▶ Prompt
Give back, exactly as written, the lines from the first line of the data below through the line with "stones on the ground: < 10 %", and omit the pictures.
------------------------------------------------------------------------
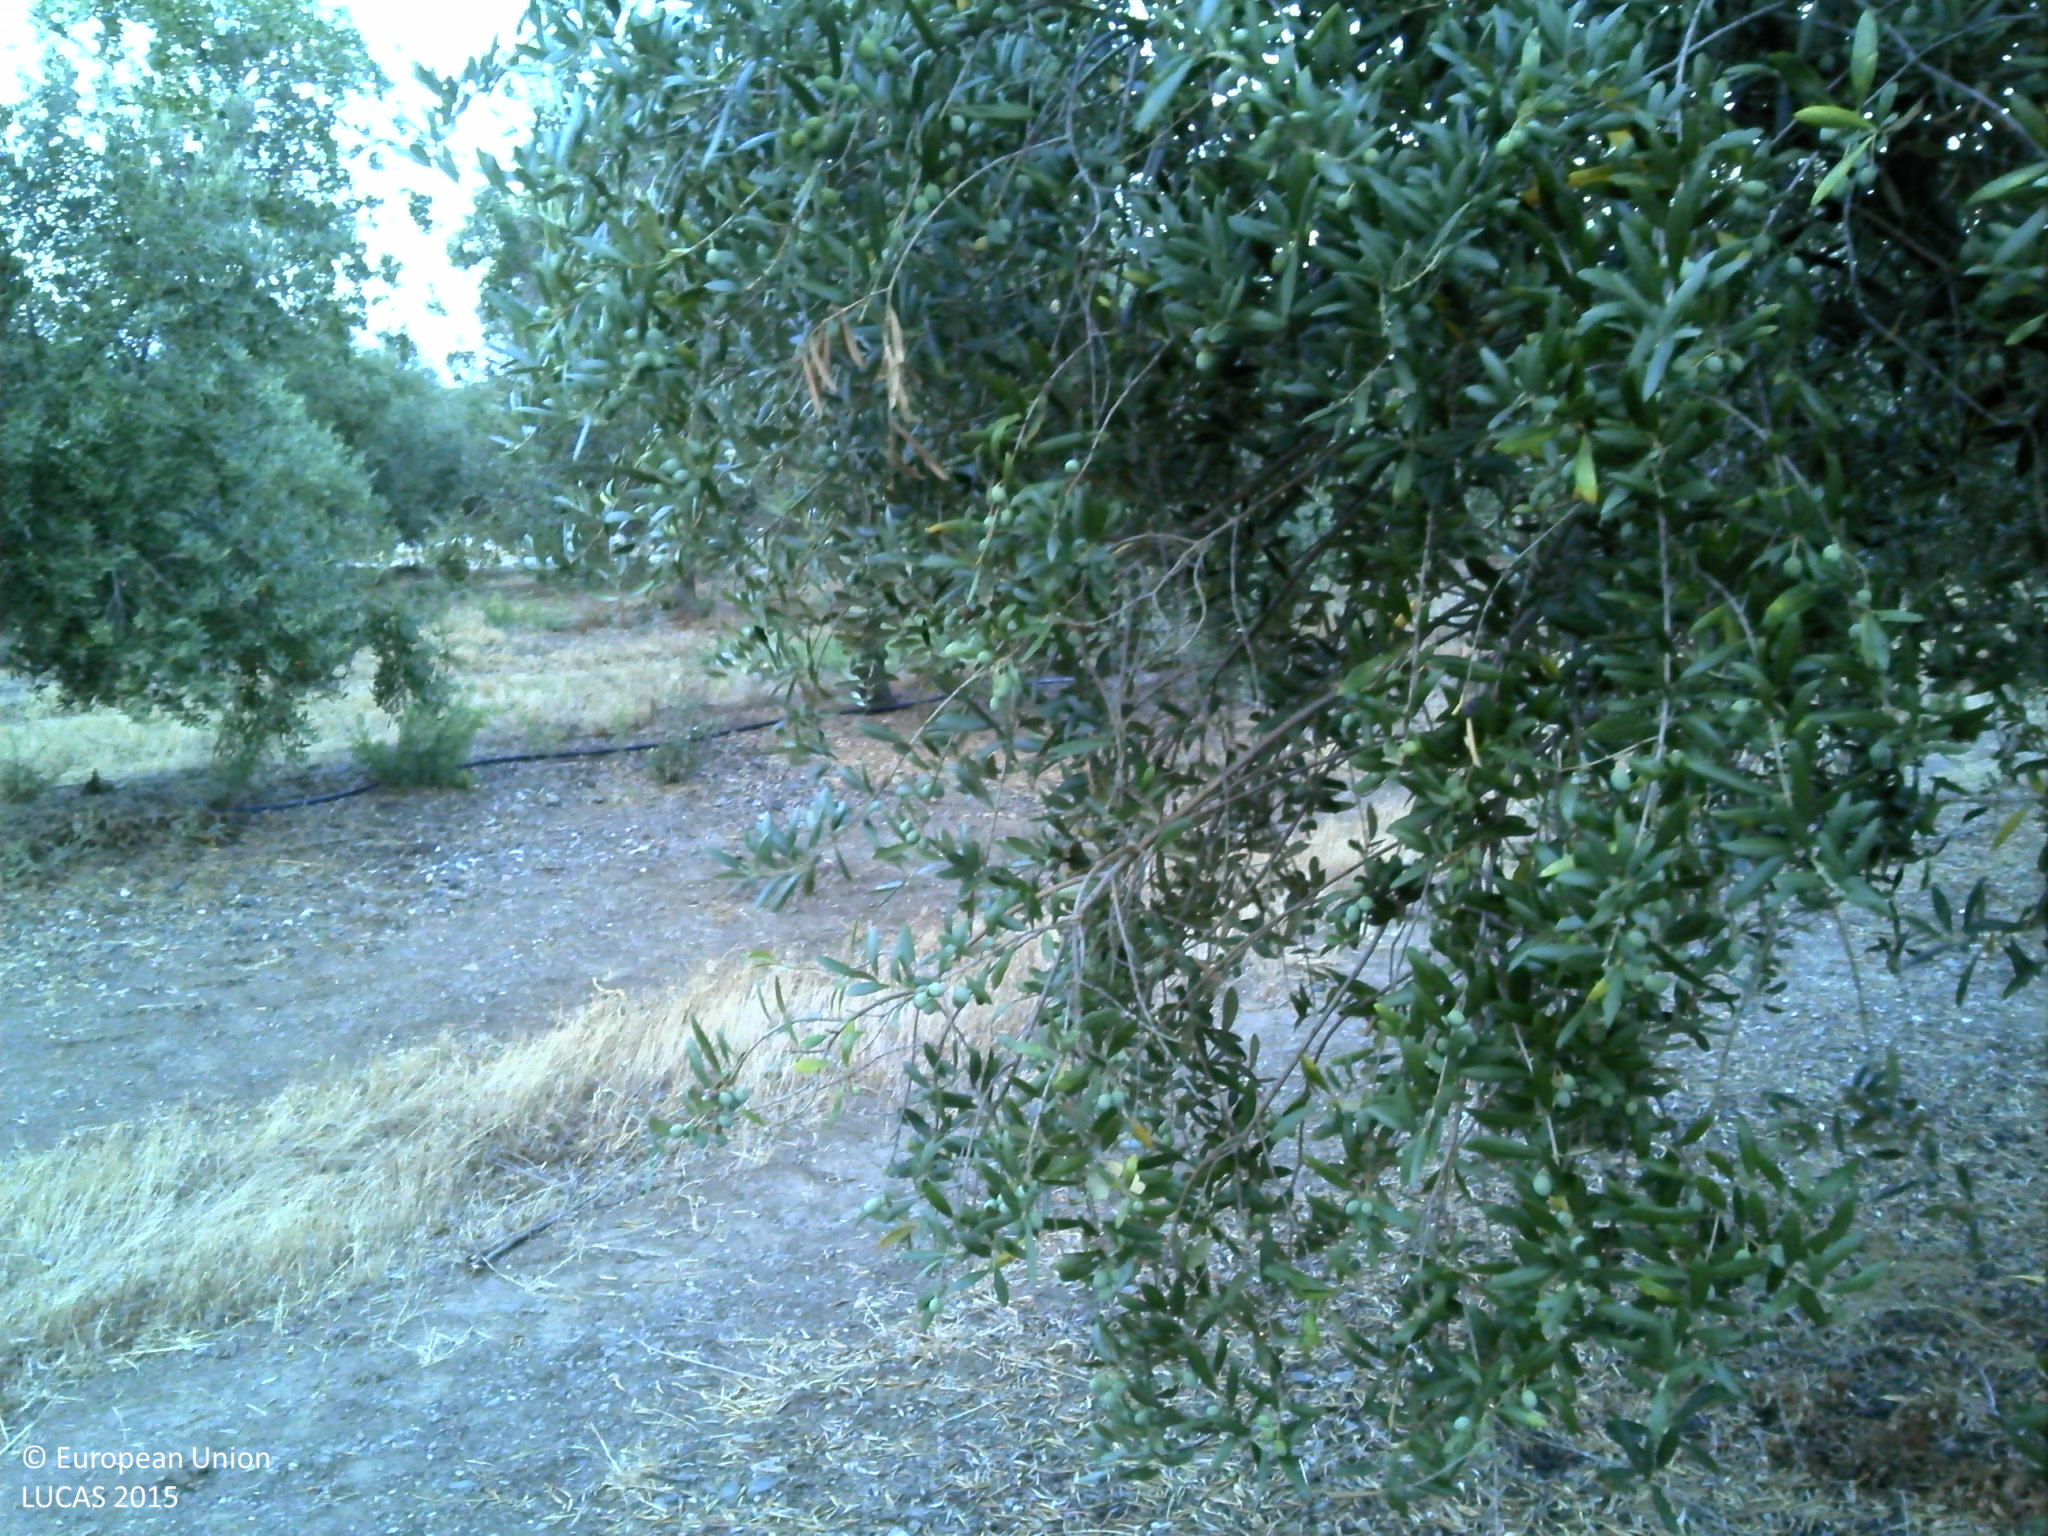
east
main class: Cropland
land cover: Olive groves
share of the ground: > 75 %
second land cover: Grassland without tree/shrub cover
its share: < 10 %
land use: Agriculture (excluding fallow land and kitchen gardens)
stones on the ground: < 10 %
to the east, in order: Olive groves; Grassland without tree/shrub cover; Olive groves; Other bare soil; Grass margins; Tracks; Grass margins; Tracks; Electric lines; Olive groves; Tracks; Olive groves
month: July
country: PT
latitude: 38.0832
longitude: -7.7315
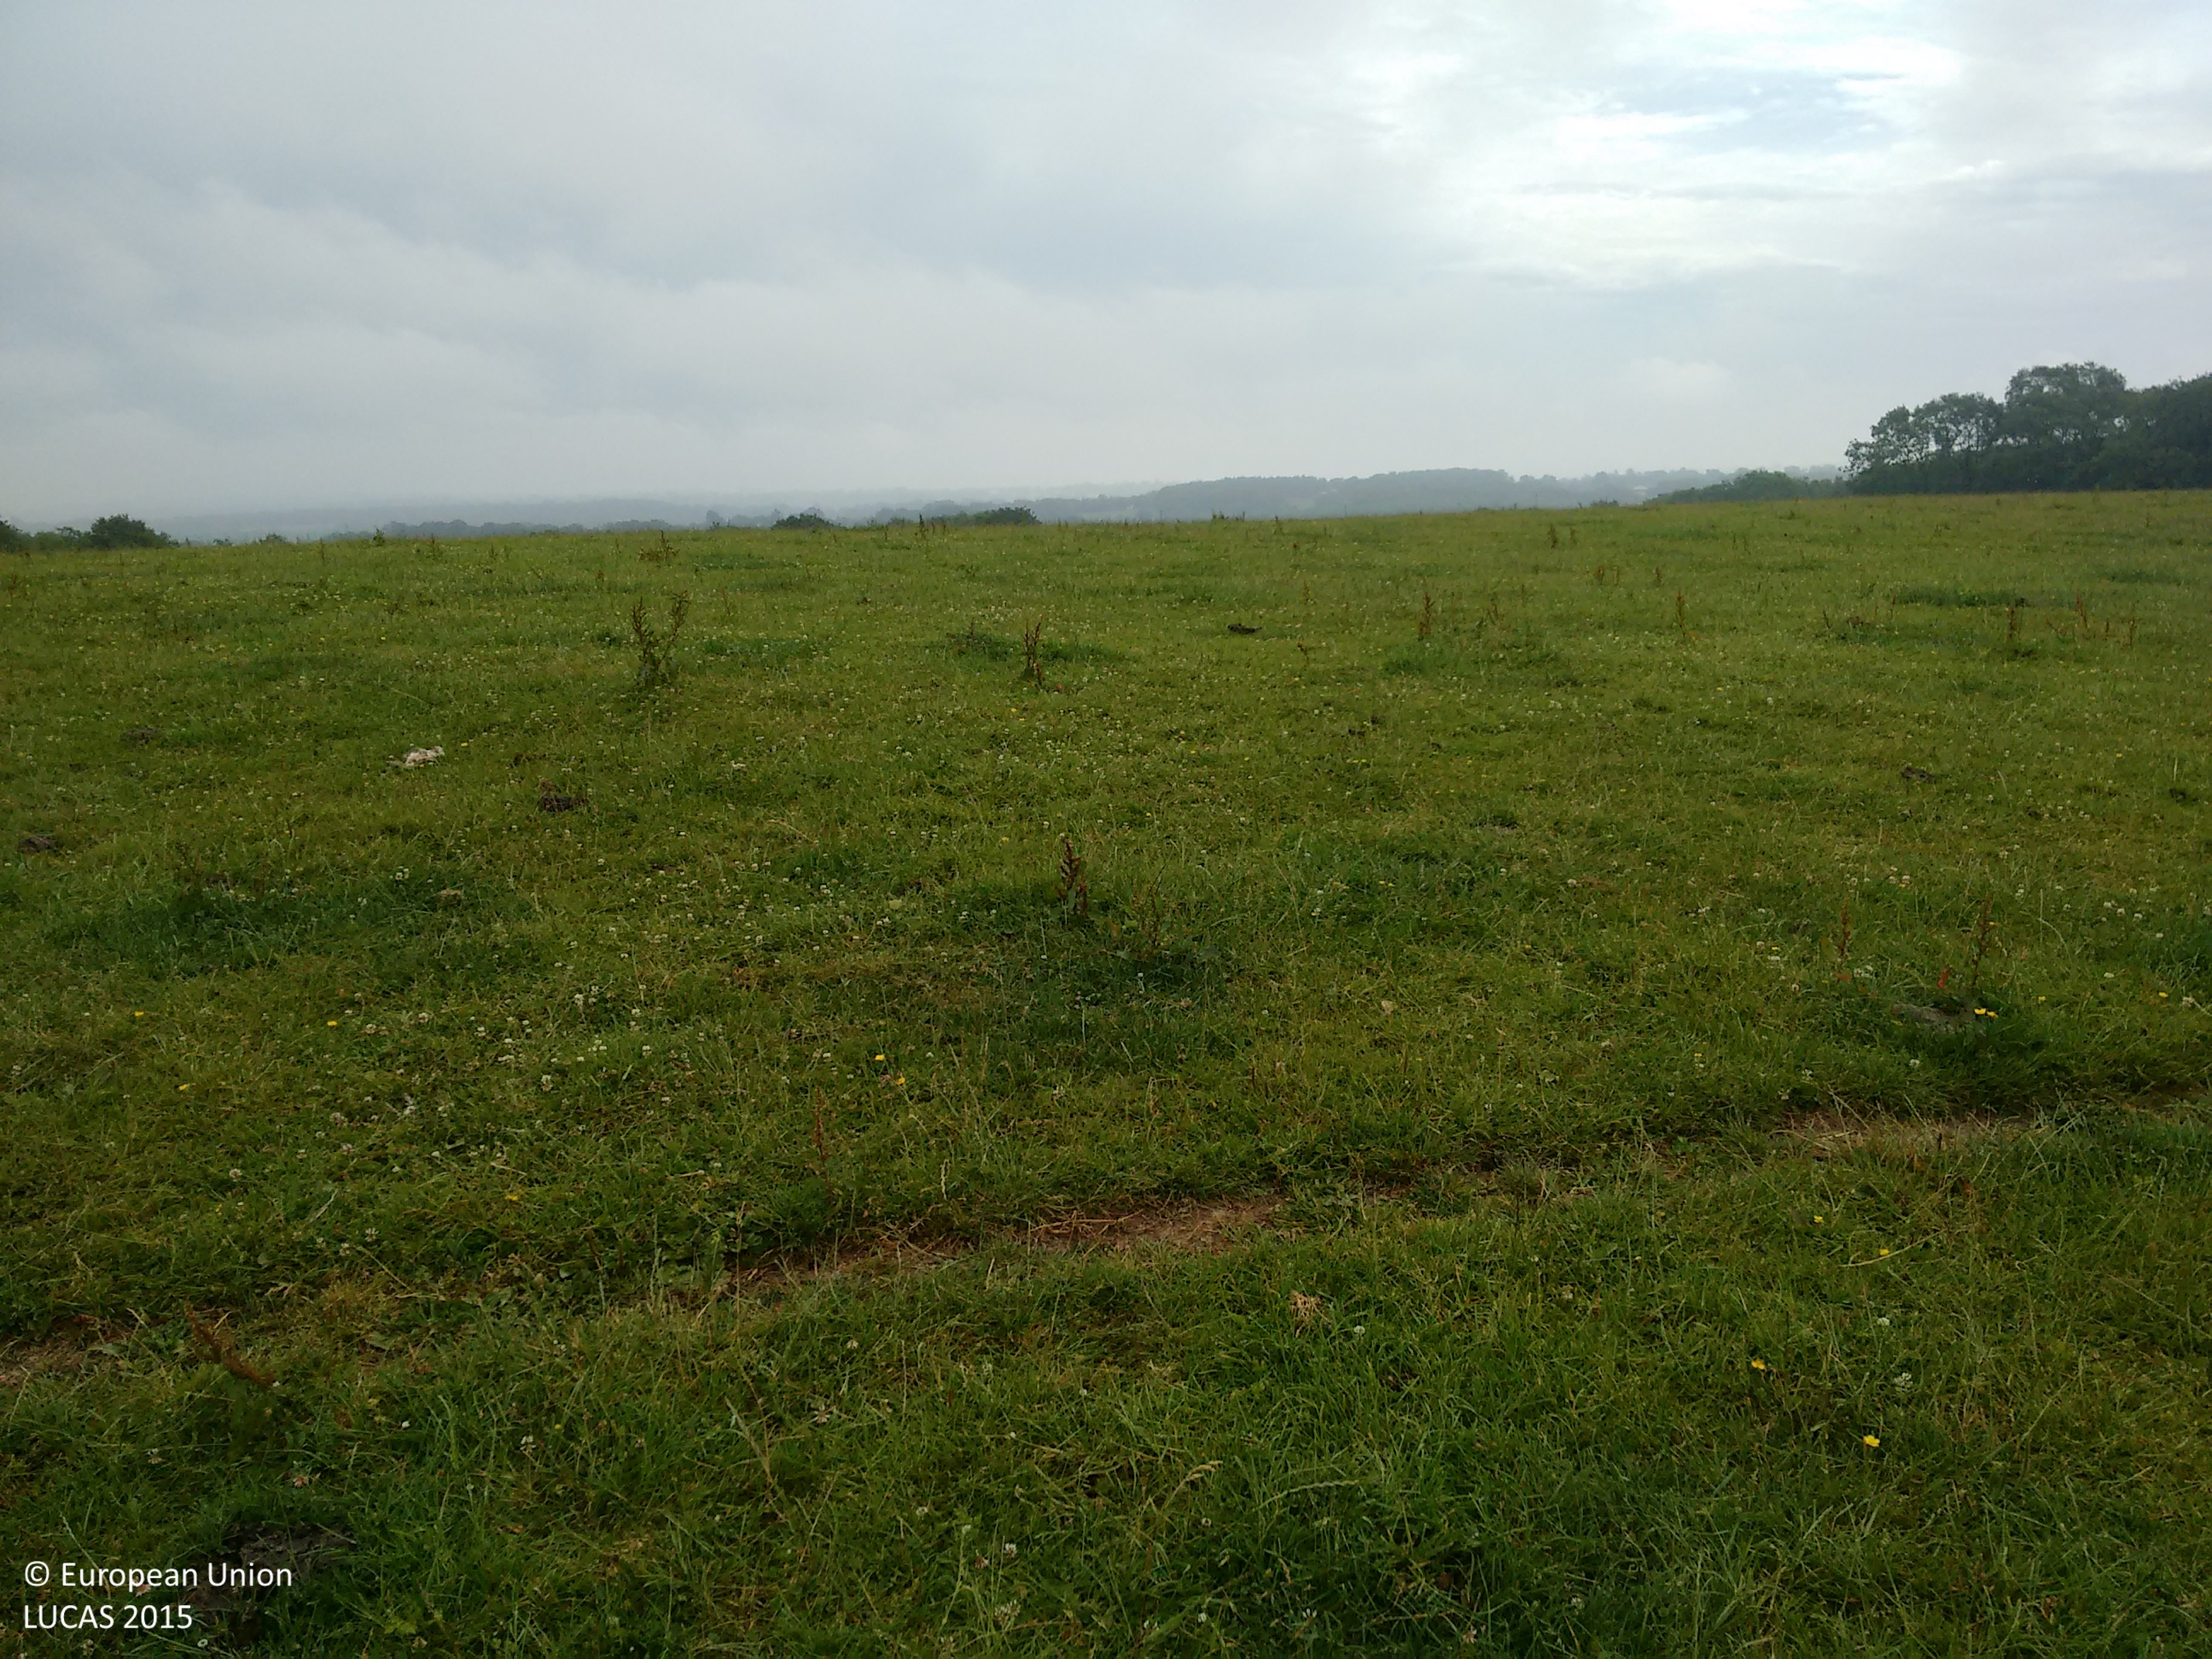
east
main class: Grassland
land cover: Grassland without tree/shrub cover
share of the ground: > 75 %
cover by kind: herbaceous plants 100 %
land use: Agriculture (excluding fallow land and kitchen gardens)
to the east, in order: Grassland without tree/shrub cover; Fences; Maize
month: July
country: GB
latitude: 51.0533
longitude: -0.1491
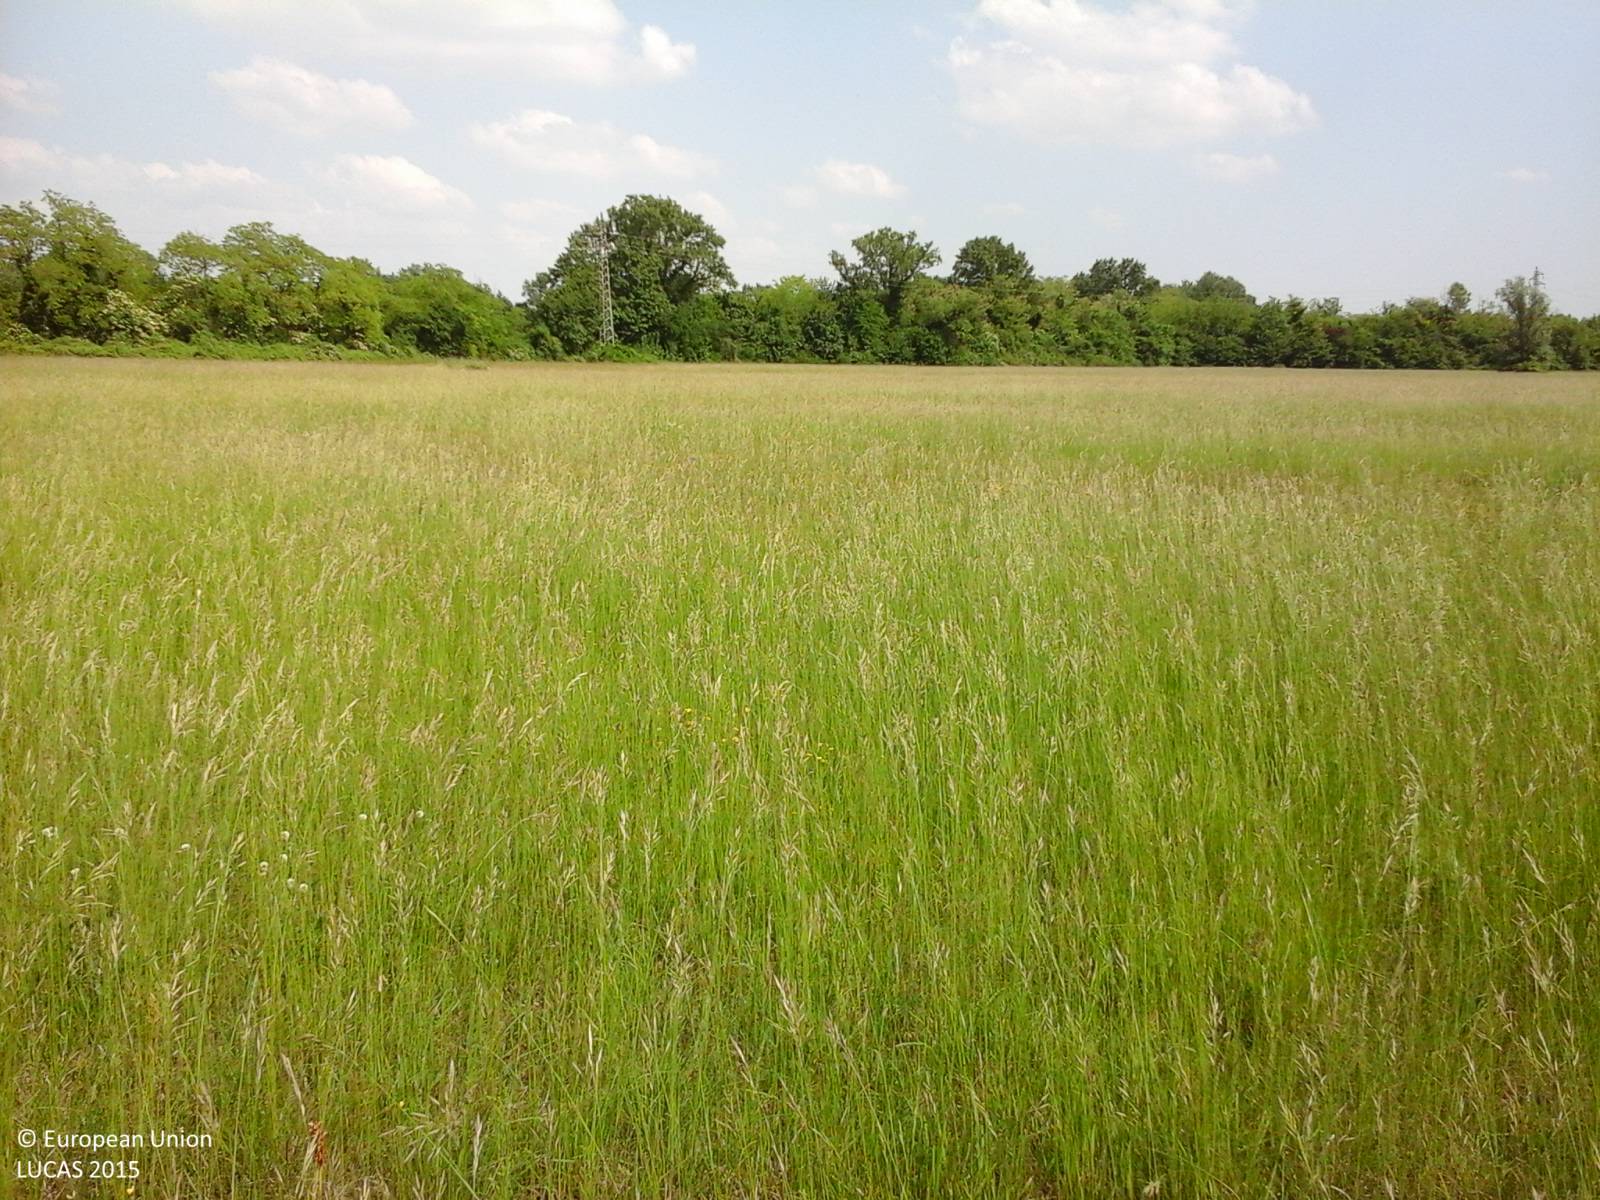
------------------------------------------------------------------------
▶ Exercise response
east
main class: Cropland
land cover: Olive groves
share of the ground: > 75 %
second land cover: Grassland without tree/shrub cover
its share: < 10 %
land use: Agriculture (excluding fallow land and kitchen gardens)
stones on the ground: < 10 %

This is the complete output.